Tuesday, April 14, 2009

a week way too fast: la piscina

Barichara was wonderful. Getting there was a haul but once in the town, we fell into the rhythm of Barichara. Calm early mornings, restful afternoons, quiet evenings. I managed to run, read, and write. Sonia and I cooked. We wandered an old town and stood in centuries old churches.

La Piscina

On Monday we went swimming, walking up the cobbled hill to a pool surrounded by white concrete walls topped with shards of broken bottles. The pool itself was a rectangle ringed by terracotta tile and a staked yellow nylon rope. Twenty-five hundred pesos to get on the other side of the rope.

It was busy with teenage boys. They raced around the perimeter of the pool and up a hill near the back of the lot. They hurled themselves at the water, gold and tan bodies splayed in air, smacking water. They raced each other the short and long lengths of the pool with flailing, graceless strokes as though their will alone might win them the race. They yelped and laughed and shouted. They crowded the diving board - two wooden planks lined with black sandpaper, bolted to a painted blue metal frame with slippery round rungs - five boys huddled at the ladder end, nudging each other forward. They jumped off the board on each other's backs; they leaped far into the air; they attempted scissor legged dives.

Two girls stood in a corner at the shallow end, dressed in short denim shorts and wet tops, the cups of their bras outlined. They chatted with each other, dipped under the surface once in awhile, shook their hair, and largely pretended to ignore the boys.

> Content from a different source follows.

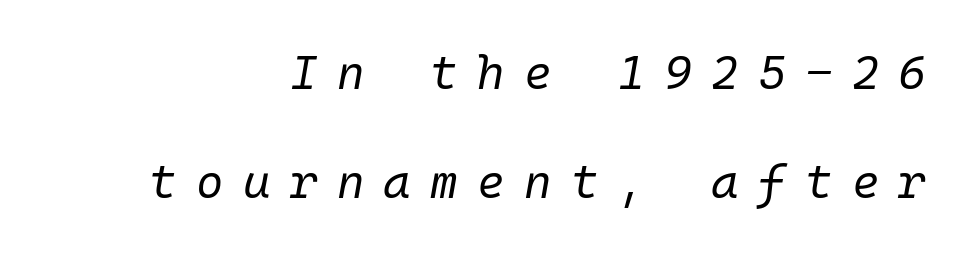
{"italic": "yes", "lean": "right", "slant_degrees": 10, "bold": "no", "weight": "regular", "width": "normal", "stroke_contrast": "low", "x_height": "medium", "underline": "no", "line_spacing": "loose", "line_spacing_ratio": 2.31, "letter_spacing": "wide", "letter_spacing_em": 0.41, "glyph_px": 47}
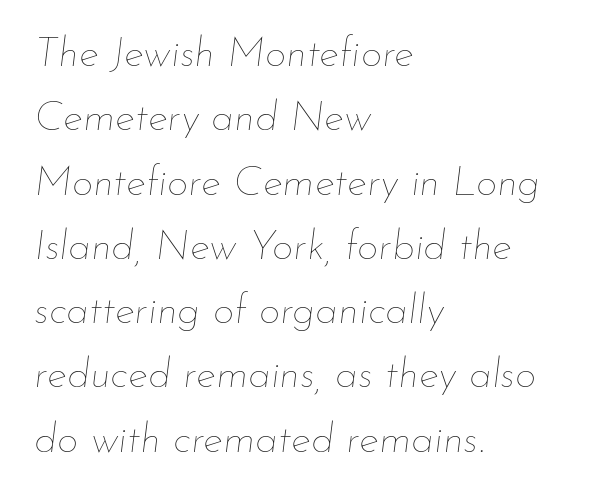
Line starts are locked; line ends wander. Italic? Definitely — the glyphs are oblique. Letter spacing: default. Glance below the letters and you will spot only blank space.

Under the Aguila tent, mothers and fathers sat in white plastic chairs drinking beers, the only really cold beverage you could buy. After swimming, paddling Claire through the waves, I sat at the edge of the pool, the sun hot on my shoulders, drinking a warm Coke. I watched the boys race the perimeter, never tiring of that same race and rarely varying the route. I expected a boy to smash his head open or crack his teeth but they had more grace than that. They jumped to splash.